TASK INSTRUCTIONS> In full and unchanged, output the entries that follow.

*** MATERIAL FOR THE TASK ***

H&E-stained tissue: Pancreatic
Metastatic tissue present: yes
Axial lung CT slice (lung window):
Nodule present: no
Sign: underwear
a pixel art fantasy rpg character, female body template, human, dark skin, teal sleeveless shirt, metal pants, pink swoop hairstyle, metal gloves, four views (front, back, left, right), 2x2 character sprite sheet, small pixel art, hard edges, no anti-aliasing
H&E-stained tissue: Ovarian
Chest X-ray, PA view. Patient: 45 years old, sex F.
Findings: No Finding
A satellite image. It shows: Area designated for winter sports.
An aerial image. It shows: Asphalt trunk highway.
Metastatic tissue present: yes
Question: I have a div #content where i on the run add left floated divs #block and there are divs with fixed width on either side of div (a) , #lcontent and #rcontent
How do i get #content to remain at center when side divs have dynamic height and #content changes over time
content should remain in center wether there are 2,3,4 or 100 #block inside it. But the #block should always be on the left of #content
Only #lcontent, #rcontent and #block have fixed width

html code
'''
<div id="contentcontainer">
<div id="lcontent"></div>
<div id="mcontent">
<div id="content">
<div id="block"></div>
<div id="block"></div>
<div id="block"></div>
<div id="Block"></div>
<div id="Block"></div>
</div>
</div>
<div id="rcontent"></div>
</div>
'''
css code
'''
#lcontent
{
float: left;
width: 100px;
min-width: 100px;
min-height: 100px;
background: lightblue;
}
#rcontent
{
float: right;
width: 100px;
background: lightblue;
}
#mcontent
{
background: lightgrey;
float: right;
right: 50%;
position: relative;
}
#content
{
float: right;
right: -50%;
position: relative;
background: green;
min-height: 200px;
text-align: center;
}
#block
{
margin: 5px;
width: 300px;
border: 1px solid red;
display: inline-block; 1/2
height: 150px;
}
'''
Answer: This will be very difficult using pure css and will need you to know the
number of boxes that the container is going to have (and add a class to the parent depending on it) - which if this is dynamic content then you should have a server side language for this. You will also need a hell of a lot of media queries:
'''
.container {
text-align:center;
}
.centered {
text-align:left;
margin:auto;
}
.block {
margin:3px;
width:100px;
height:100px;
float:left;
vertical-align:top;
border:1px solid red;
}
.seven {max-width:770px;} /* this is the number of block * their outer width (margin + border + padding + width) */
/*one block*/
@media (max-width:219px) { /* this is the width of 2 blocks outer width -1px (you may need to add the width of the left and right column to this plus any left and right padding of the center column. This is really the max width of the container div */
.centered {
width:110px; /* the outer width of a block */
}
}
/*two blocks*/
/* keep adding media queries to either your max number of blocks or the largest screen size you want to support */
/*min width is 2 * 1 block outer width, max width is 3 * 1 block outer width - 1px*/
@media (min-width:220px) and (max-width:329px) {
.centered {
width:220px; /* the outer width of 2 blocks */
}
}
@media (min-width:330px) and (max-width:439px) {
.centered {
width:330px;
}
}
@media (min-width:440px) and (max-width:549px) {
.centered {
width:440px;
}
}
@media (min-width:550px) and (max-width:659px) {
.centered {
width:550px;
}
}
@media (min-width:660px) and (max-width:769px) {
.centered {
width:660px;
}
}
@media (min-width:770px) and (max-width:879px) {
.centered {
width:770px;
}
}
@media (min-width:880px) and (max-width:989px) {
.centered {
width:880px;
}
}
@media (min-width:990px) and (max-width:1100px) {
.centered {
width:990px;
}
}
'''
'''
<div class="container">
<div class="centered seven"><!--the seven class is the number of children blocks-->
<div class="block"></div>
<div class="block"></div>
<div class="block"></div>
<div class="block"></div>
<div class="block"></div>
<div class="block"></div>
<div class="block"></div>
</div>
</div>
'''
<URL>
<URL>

*** End of MATERIAL FOR THE TASK ***

ANSWER TO THE PROBLEM>
H&E-stained tissue: Pancreatic
Metastatic tissue present: yes
Axial lung CT slice (lung window):
Nodule present: no
Sign: underwear
a pixel art fantasy rpg character, female body template, human, dark skin, teal sleeveless shirt, metal pants, pink swoop hairstyle, metal gloves, four views (front, back, left, right), 2x2 character sprite sheet, small pixel art, hard edges, no anti-aliasing
H&E-stained tissue: Ovarian
Chest X-ray, PA view. Patient: 45 years old, sex F.
Findings: No Finding
A satellite image. It shows: Area designated for winter sports.
An aerial image. It shows: Asphalt trunk highway.
Metastatic tissue present: yes
Question: I have a div #content where i on the run add left floated divs #block and there are divs with fixed width on either side of div (a) , #lcontent and #rcontent
How do i get #content to remain at center when side divs have dynamic height and #content changes over time
content should remain in center wether there are 2,3,4 or 100 #block inside it. But the #block should always be on the left of #content
Only #lcontent, #rcontent and #block have fixed width

html code
'''
<div id="contentcontainer">
<div id="lcontent"></div>
<div id="mcontent">
<div id="content">
<div id="block"></div>
<div id="block"></div>
<div id="block"></div>
<div id="Block"></div>
<div id="Block"></div>
</div>
</div>
<div id="rcontent"></div>
</div>
'''
css code
'''
#lcontent
{
float: left;
width: 100px;
min-width: 100px;
min-height: 100px;
background: lightblue;
}
#rcontent
{
float: right;
width: 100px;
background: lightblue;
}
#mcontent
{
background: lightgrey;
float: right;
right: 50%;
position: relative;
}
#content
{
float: right;
right: -50%;
position: relative;
background: green;
min-height: 200px;
text-align: center;
}
#block
{
margin: 5px;
width: 300px;
border: 1px solid red;
display: inline-block; 1/2
height: 150px;
}
'''
Answer: This will be very difficult using pure css and will need you to know the
number of boxes that the container is going to have (and add a class to the parent depending on it) - which if this is dynamic content then you should have a server side language for this. You will also need a hell of a lot of media queries:
'''
.container {
text-align:center;
}
.centered {
text-align:left;
margin:auto;
}
.block {
margin:3px;
width:100px;
height:100px;
float:left;
vertical-align:top;
border:1px solid red;
}
.seven {max-width:770px;} /* this is the number of block * their outer width (margin + border + padding + width) */
/*one block*/
@media (max-width:219px) { /* this is the width of 2 blocks outer width -1px (you may need to add the width of the left and right column to this plus any left and right padding of the center column. This is really the max width of the container div */
.centered {
width:110px; /* the outer width of a block */
}
}
/*two blocks*/
/* keep adding media queries to either your max number of blocks or the largest screen size you want to support */
/*min width is 2 * 1 block outer width, max width is 3 * 1 block outer width - 1px*/
@media (min-width:220px) and (max-width:329px) {
.centered {
width:220px; /* the outer width of 2 blocks */
}
}
@media (min-width:330px) and (max-width:439px) {
.centered {
width:330px;
}
}
@media (min-width:440px) and (max-width:549px) {
.centered {
width:440px;
}
}
@media (min-width:550px) and (max-width:659px) {
.centered {
width:550px;
}
}
@media (min-width:660px) and (max-width:769px) {
.centered {
width:660px;
}
}
@media (min-width:770px) and (max-width:879px) {
.centered {
width:770px;
}
}
@media (min-width:880px) and (max-width:989px) {
.centered {
width:880px;
}
}
@media (min-width:990px) and (max-width:1100px) {
.centered {
width:990px;
}
}
'''
'''
<div class="container">
<div class="centered seven"><!--the seven class is the number of children blocks-->
<div class="block"></div>
<div class="block"></div>
<div class="block"></div>
<div class="block"></div>
<div class="block"></div>
<div class="block"></div>
<div class="block"></div>
</div>
</div>
'''
<URL>
<URL>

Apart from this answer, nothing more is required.